Inclusion of protein structures in iML1515 enables comparison of sequence variation among conserved metabolic genes (Fig. 4d–g). We compared all genes in iML1515 to their corresponding gene in each of 1,122 E. coli strains using BLAST and genome context (Supplementary Methods and Fig. 4a). The number of alleles ranged from 20 (e.g., pfkA) to 249 (e.g., hisD, Fig. 4b,c). MG1655 contains the most common allele for only 30% of the 1,122 strains. For example, the K-12 MG1655 allele of rph was present in fewer than 1% of strains (seven close K-12 derivatives, including K-12 W3110 and BW25113). This mutation has been shown to result in reduced expression of pyrE and leads to pyrimidine starvation conditions where strains grow 10–15% slower in pyrimidine-free media than in media supplemented with uracil²³. Therefore, iML1515 can be used to probe differences between laboratory and wild-type strains.

Figure 4.

Comparison of iML1515 to sequence variations in 1,122 clinical Isolates of E. coli. (a) Counts for each E. coli K-12 MG1655 gene in 1,122 sequenced strains of E. coli are shown. (b) Histidine pathways showed high levels of amino acid differences among genes involved. The pie chart represents the percentage of strains that contain unique hisDalleles. The hisD116 allele of E. coli K-12 MG1655 is present in only 19 (1.7%) of the sequenced strains. (c) Structural biology methods can reveal the effect of mutations. (d) 976 genes with metabolic functions are conserved across 99% of E. coli strains and this core set also has mutations. The bar chart shows the average number of amino acid mutations in these core genes for 1,122 strains of E. coli. (e) A histogram showing how many genes have a certain number of average mutations. (f) Amino acid mutations are compared for major metabolic pathways (e.g., histidine synthesis) using structural biology methods. (g) Amino acid changes can be compared per protein domain.

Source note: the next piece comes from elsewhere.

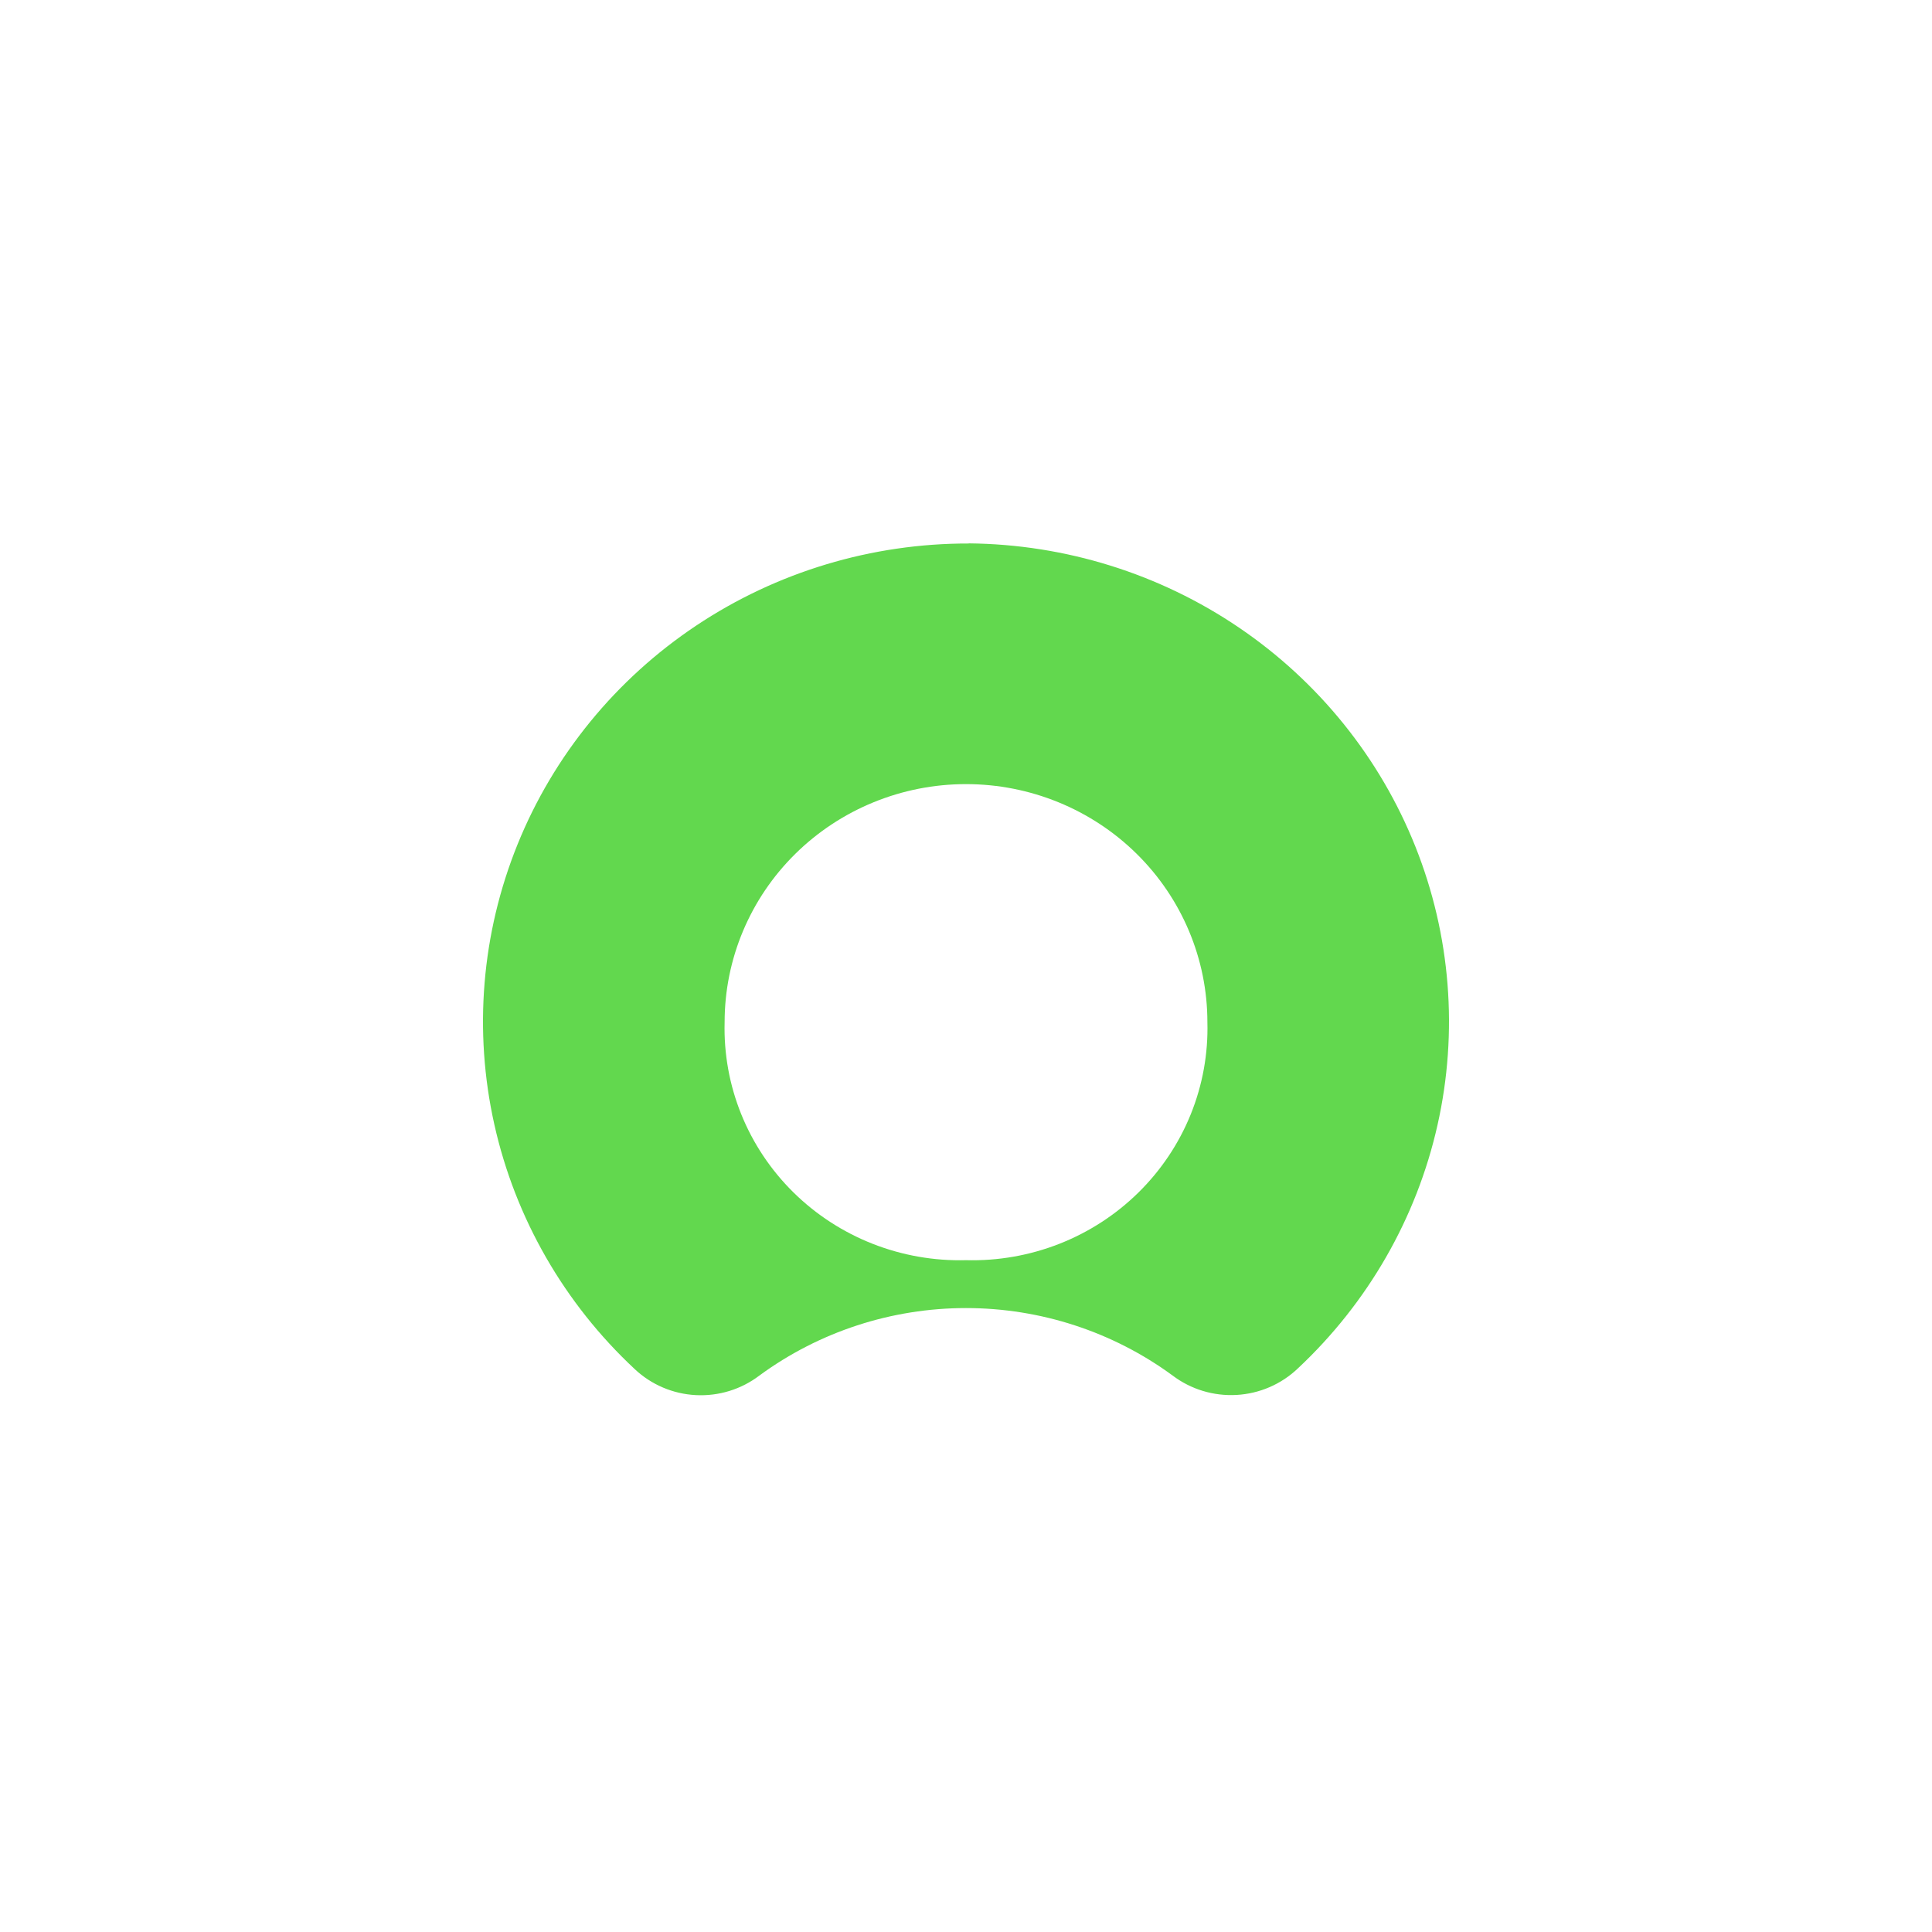 <svg width="288" height="288" viewBox="0 0 288 288" fill="none" xmlns="http://www.w3.org/2000/svg">
<rect width="288" height="288" fill="white"/>
<path fill-rule="evenodd" clip-rule="evenodd" d="M144.425 81.019C129.944 80.989 115.787 85.251 103.791 93.25C91.795 101.25 82.512 112.62 77.145 125.885C71.779 139.151 70.577 153.7 73.695 167.647C76.814 181.594 84.108 194.296 94.633 204.105C97.102 206.424 100.33 207.794 103.735 207.968C107.139 208.143 110.494 207.11 113.193 205.056C122.098 198.52 132.902 194.991 144.001 194.991C155.101 194.991 165.905 198.52 174.809 205.056C177.534 207.114 180.918 208.138 184.345 207.941C187.771 207.744 191.012 206.339 193.476 203.982C203.918 194.209 211.164 181.582 214.283 167.722C217.402 153.861 216.253 139.397 210.984 126.184C205.714 112.972 196.563 101.612 184.705 93.562C172.847 85.512 158.821 81.138 144.425 81M144.001 187.853C139.242 187.98 134.506 187.15 130.083 185.412C125.659 183.674 121.642 181.065 118.274 177.745C114.907 174.425 112.261 170.463 110.498 166.102C108.735 161.74 107.891 157.069 108.018 152.375C108.018 142.963 111.809 133.937 118.557 127.281C125.306 120.626 134.458 116.887 144.001 116.887C153.545 116.887 162.697 120.626 169.445 127.281C176.193 133.937 179.984 142.963 179.984 152.375C180.112 157.069 179.268 161.74 177.505 166.102C175.741 170.463 173.095 174.425 169.728 177.745C166.361 181.065 162.343 183.674 157.92 185.412C153.497 187.15 148.761 187.98 144.001 187.853Z" fill="#62D84E"/>
</svg>

For example, genes that encode the aldehyde dehydrogenase (ALDH-like) domain present in hisD have, on average, more genetic mutations across all 1,122 strains of E. coli than genes encoding other domains.

In summary, iML1515 is the most complete network model built for E. coli to date. The content of this model is linked to external databases, including KEGG, PDB, and CHEBI. In iML1515’s computational format, constraint-based methods can be used (i.e., the COBRA Toolbox²⁴) to assess network properties. Protein structure tools can be applied to assess similarities and properties of protein structure (Supplementary Fig. 10 and Supplementary Note 7). Genetic variation can be examined using phylogenetic tools. We provide three versions of iML1515 tailored for specific-use cases. iML1515-ROS allows the simulation of ROS production for use in antibiotic design or potentiating activity¹¹; iML976 can be used to probe the core metabolic capabilities of E. coli or as a starting point for building GEMs of clinical strains; context-specific versions of iML1515 can be used when different alternate carbon source minimal media is the preferred growth condition.

For the past decade, E. coli metabolic reconstructions have been used to discover and characterize metabolic genes²⁵, to design antibiotics²⁶, and to engineer production strains for industrially valuable compounds²⁷. We hope that iML1515 will provide researchers with the best possible tools for their experiments.